*** Records for this exercise ***

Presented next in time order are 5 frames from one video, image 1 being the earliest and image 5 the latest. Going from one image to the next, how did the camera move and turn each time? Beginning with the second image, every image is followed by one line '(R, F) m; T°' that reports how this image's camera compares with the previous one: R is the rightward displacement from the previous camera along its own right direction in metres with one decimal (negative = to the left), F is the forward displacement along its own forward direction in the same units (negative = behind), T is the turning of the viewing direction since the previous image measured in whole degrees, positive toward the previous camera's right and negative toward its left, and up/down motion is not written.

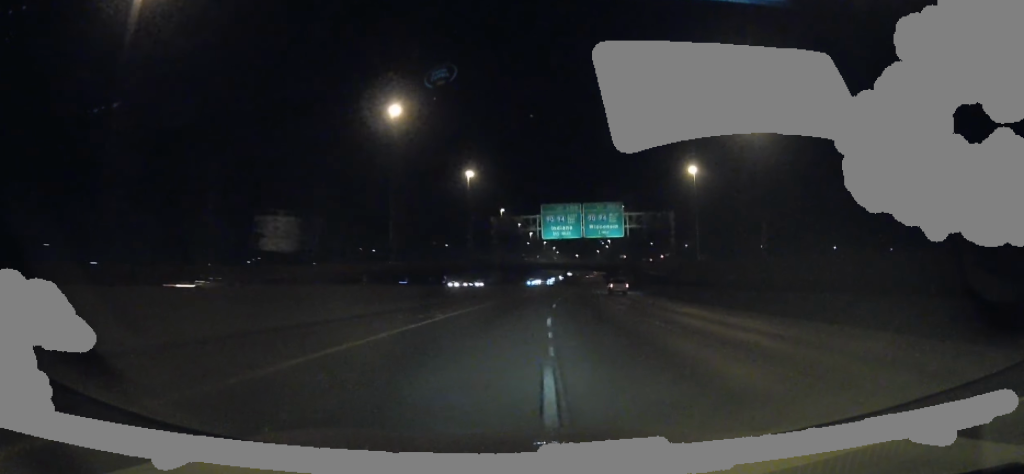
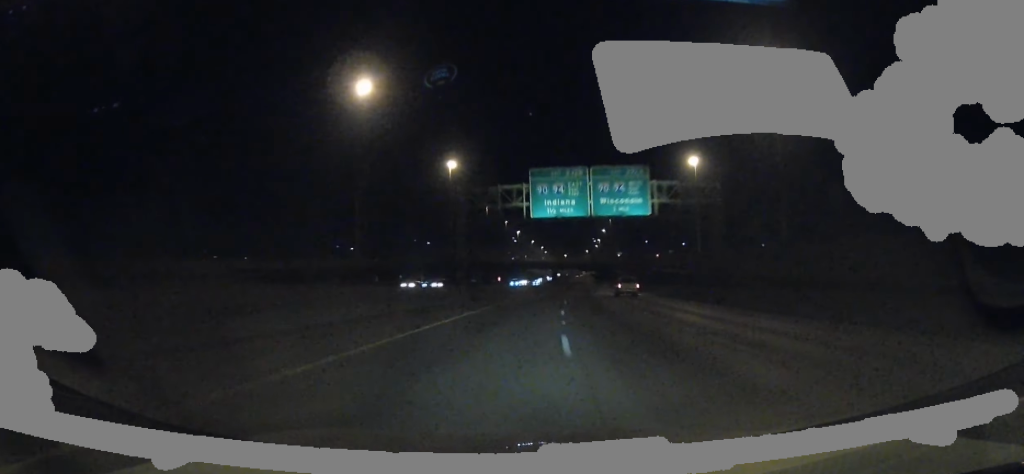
(0.0, +19.2) m; +1°
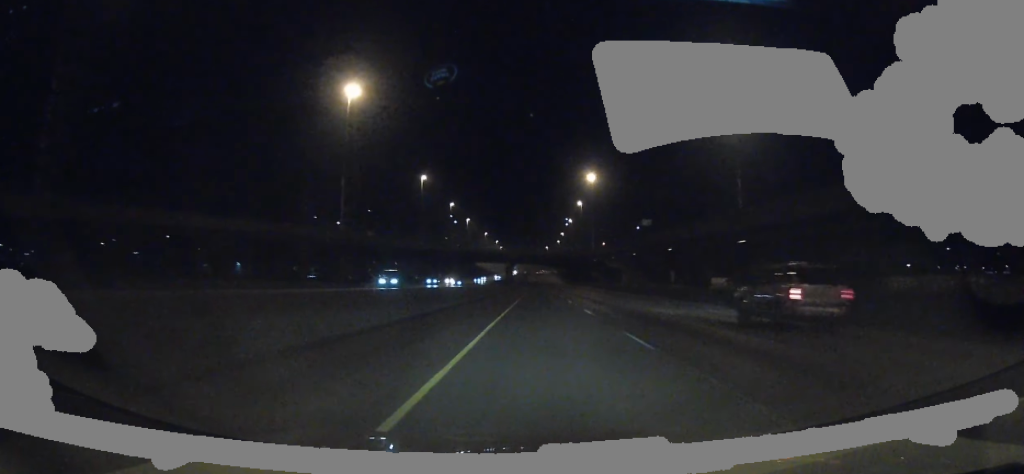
(+4.1, +83.1) m; +4°
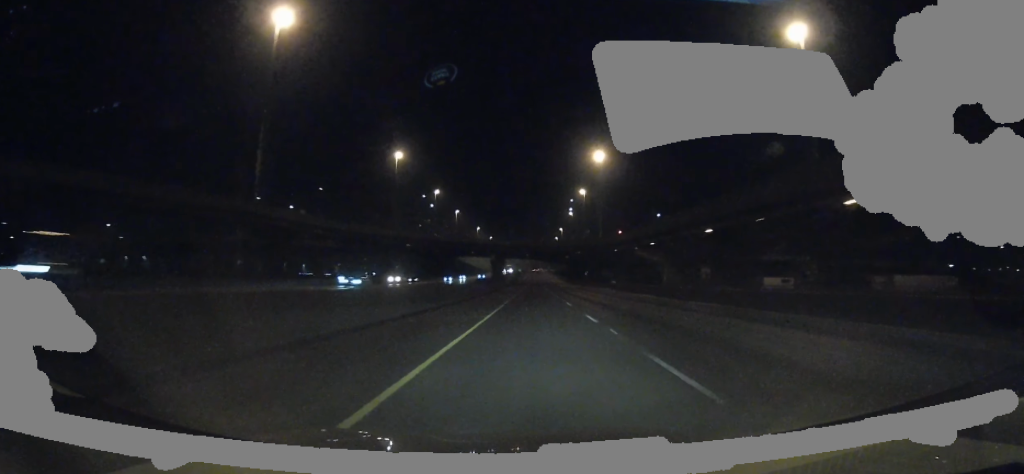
(+0.5, +41.1) m; +1°
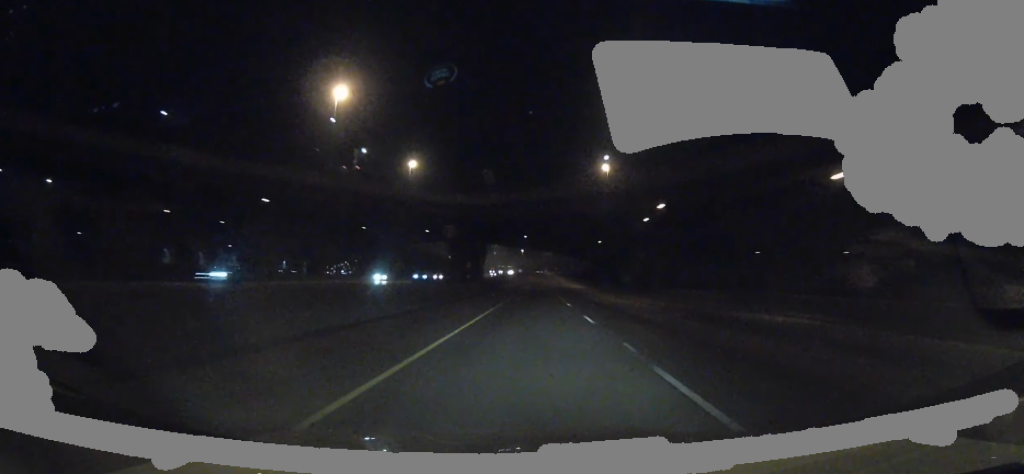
(+0.2, +74.2) m; 0°

***

Problem requirements: Each record should be written out again exactly, though without its pictures.

Exercise answer:
Presented next in time order are 5 frames from one video, image 1 being the earliest and image 5 the latest. Going from one image to the next, how did the camera move and turn each time? Beginning with the second image, every image is followed by one line '(R, F) m; T°' that reports how this image's camera compares with the previous one: R is the rightward displacement from the previous camera along its own right direction in metres with one decimal (negative = to the left), F is the forward displacement along its own forward direction in the same units (negative = behind), T is the turning of the viewing direction since the previous image measured in whole degrees, positive toward the previous camera's right and negative toward its left, and up/down motion is not written.

(0.0, +19.2) m; +1°
(+4.1, +83.1) m; +4°
(+0.5, +41.1) m; +1°
(+0.2, +74.2) m; 0°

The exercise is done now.